Here's a piece of configuration that will use Dask workers to run the grid search:

'grid_search': {
    '__factory__': 'palladium.fit.with_parallel_backend',
    'estimator': {
        '__factory__': 'sklearn.model_selection.GridSearchCV',
        'estimator': {'__copy__': 'model'},
        'param_grid': {
            'C': [0.1, 0.3, 1.0],
        },
        'n_jobs': -1,
    },
    'backend': 'dask.distributed',
    'scheduler_host': '127.0.0.1:8786',
},

'_init_distributed': {
    '__factory__': 'palladium.util.resolve_dotted_name',
    'dotted_name': 'distributed.joblib.joblib',
},

To start up the Dask scheduler and workers you can follow the dask.distributed documentation. Here's an example that runs three workers locally:

$ dask-scheduler
Scheduler started at 127.0.0.1:8786

$ dask-worker 127.0.0.1:8786
$ dask-worker 127.0.0.1:8786
$ dask-worker 127.0.0.1:8786

If you want to interactively check components of your Palladium configuration, you can access Palladium's components as follows:

from palladium.util import initialize_config

config = initialize_config(__mode__='fit')
model = config['model']  # get model
X, y = config['dataset_loader_train']()  # load training data
# ...

You can also load the configuration to an interactive shell and access the components directly:

from code import InteractiveConsole
from pprint import pformat

from palladium.util import initialize_config

if __name__ == "__main__":
    config = initialize_config(__mode__='fit')
    banner = 'Palladium config:\n{}'.format(pformat(config))
    InteractiveConsole(config).interact(banner=banner)

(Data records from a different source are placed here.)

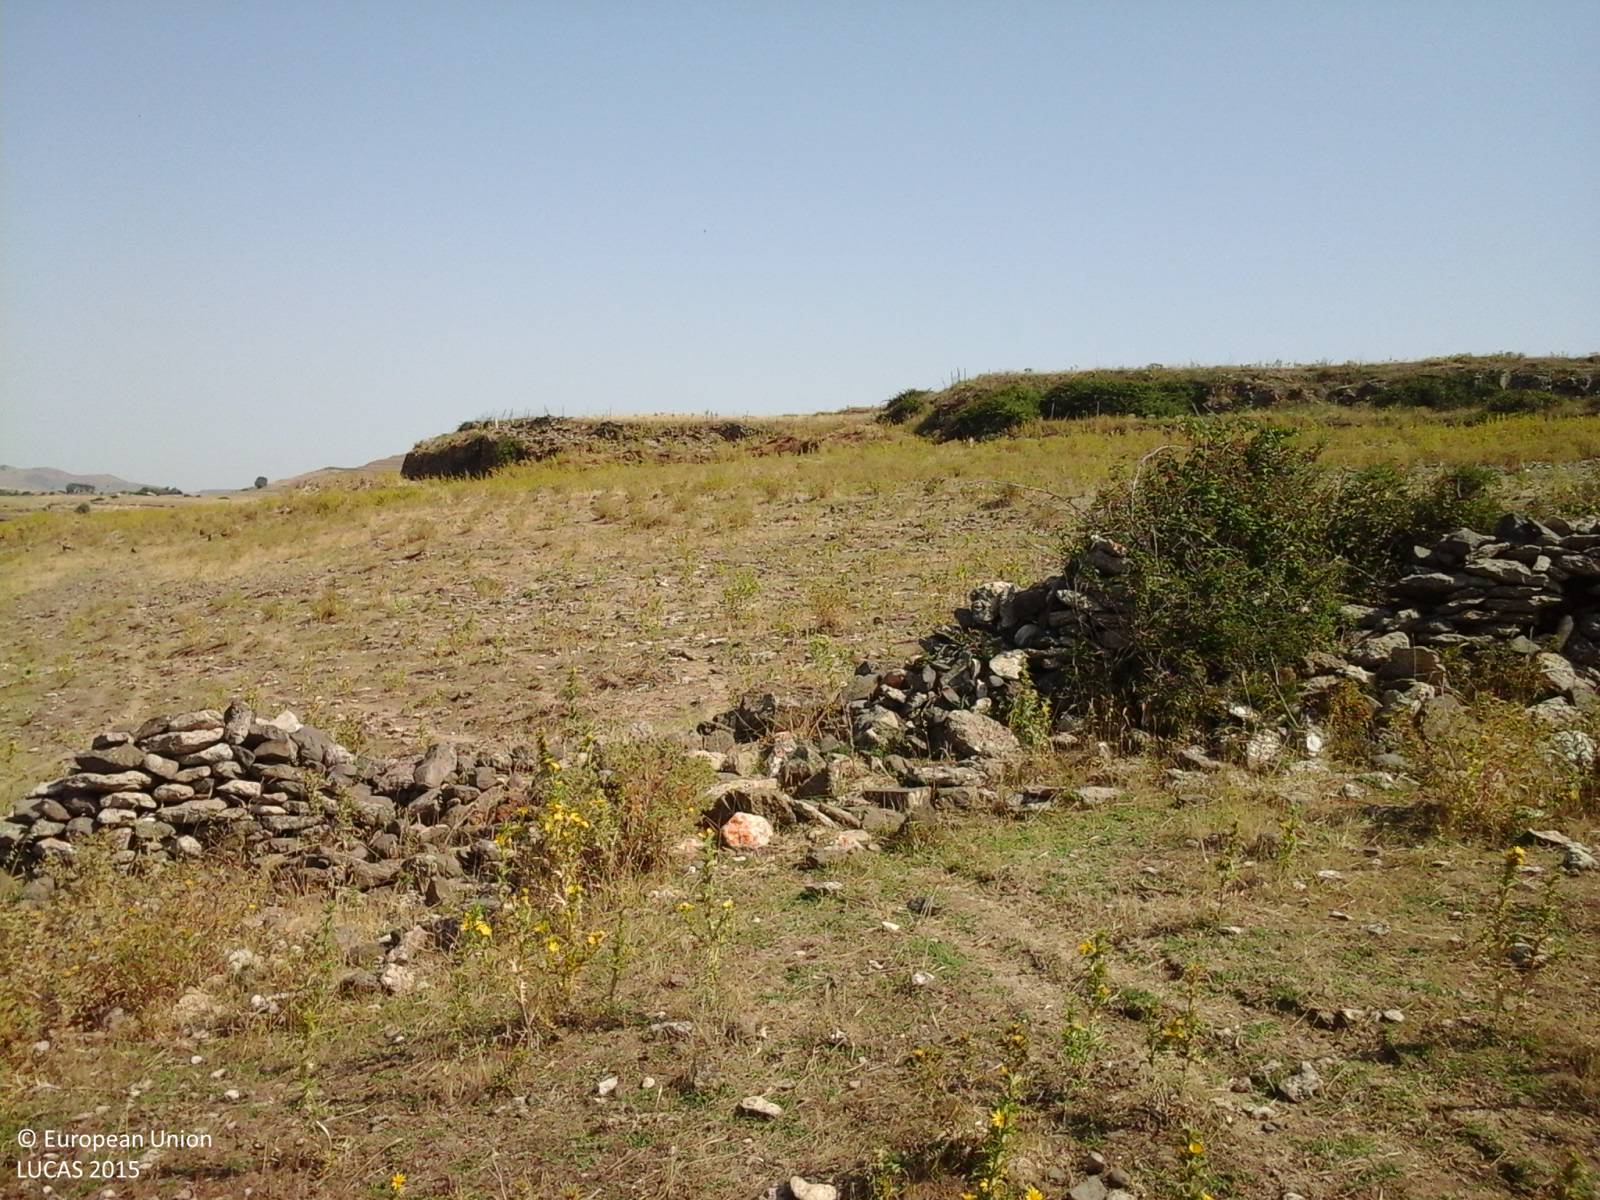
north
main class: Grassland
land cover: Grassland without tree/shrub cover
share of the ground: > 75 %
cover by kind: herbaceous plants 95 %, consolidated bare surface 5 %
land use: Agriculture (excluding fallow land and kitchen gardens)
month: July
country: IT
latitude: 40.4222
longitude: 8.7453
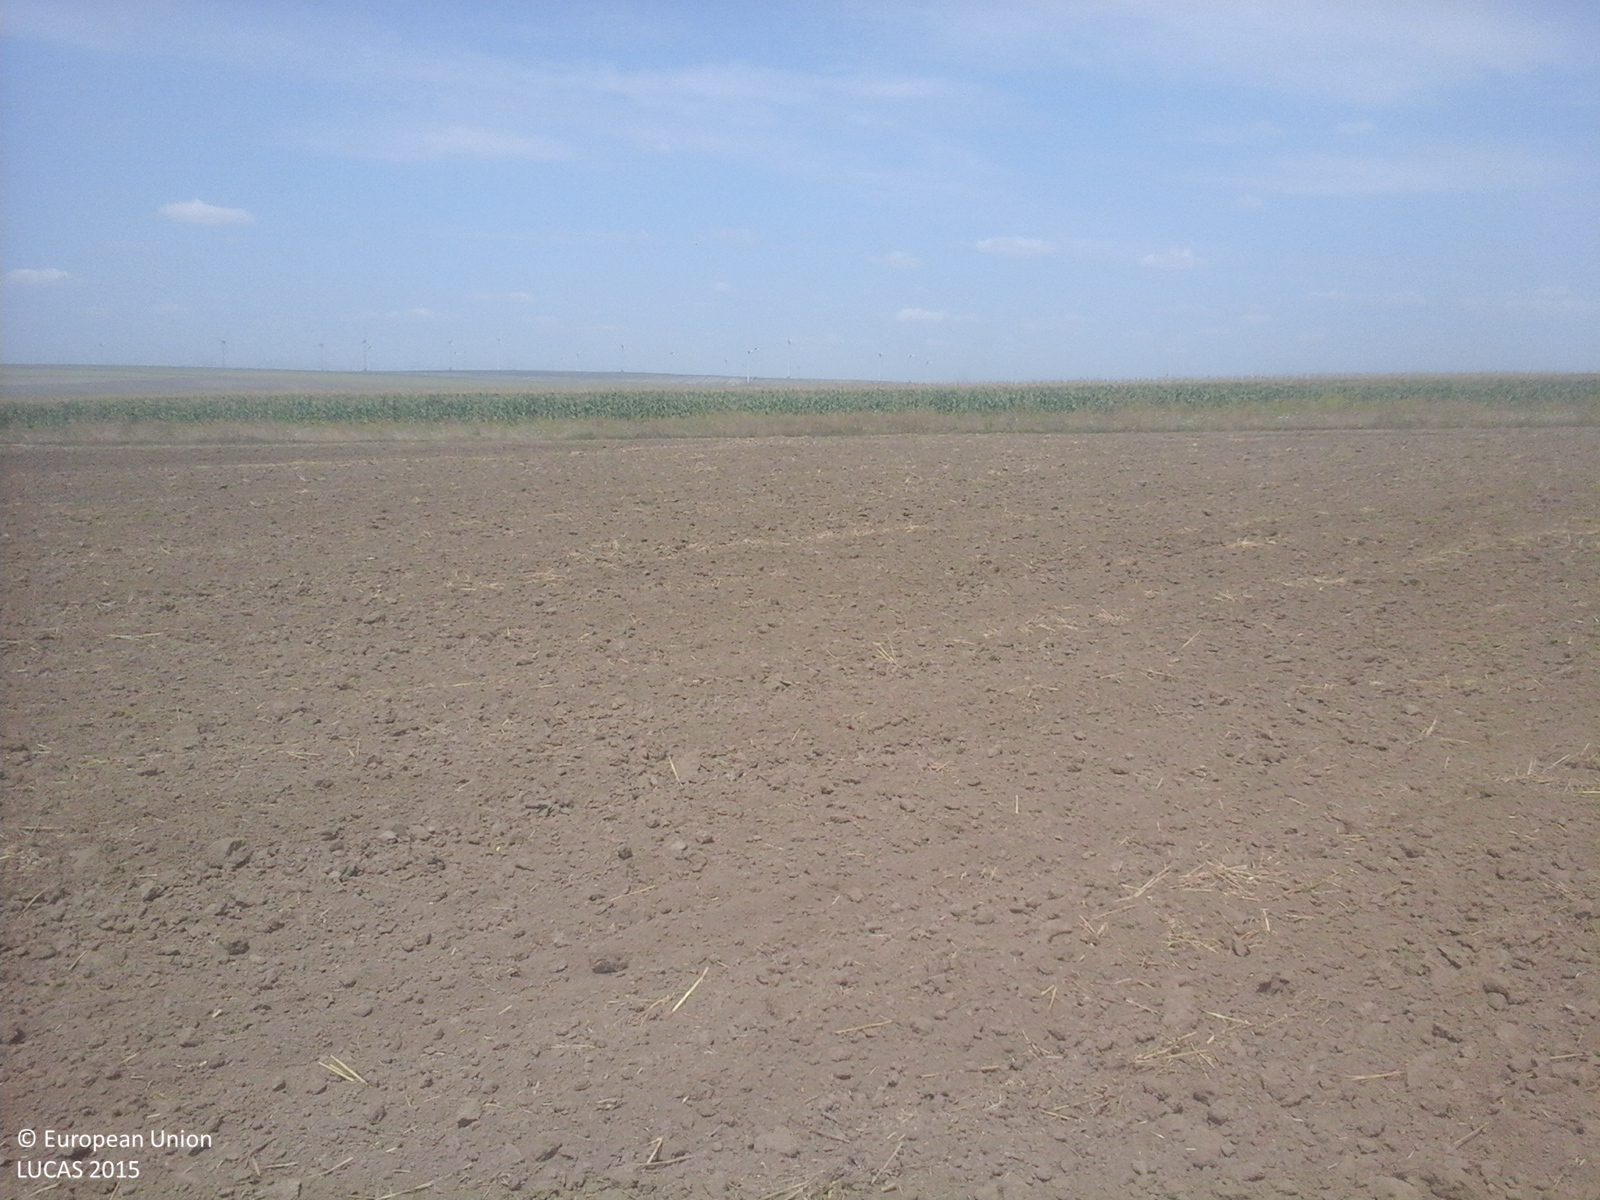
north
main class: Cropland
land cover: Common wheat
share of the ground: < 10 %
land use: Agriculture (excluding fallow land and kitchen gardens)
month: August
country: RO
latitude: 44.7248
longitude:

In the interactive console, loading data and fitting a model can be done like this:

X, y = dataset_loader_train()
model.fit(X, y)

Note

Make sure, the PALLADIUM_CONFIG environment variable is pointing to a valid configuration file.

If you want to access the currently used model, you have to retrieve it via the process_store or you have to load it using the model persister:

from palladium.util import process_store
model = process_store.get('model')

from palladium.util import get_config
model = get_config()['model_persister'].read()

Note

get_config()['model'] might not return the current active model as the entries in the configuration are not updated after initialization.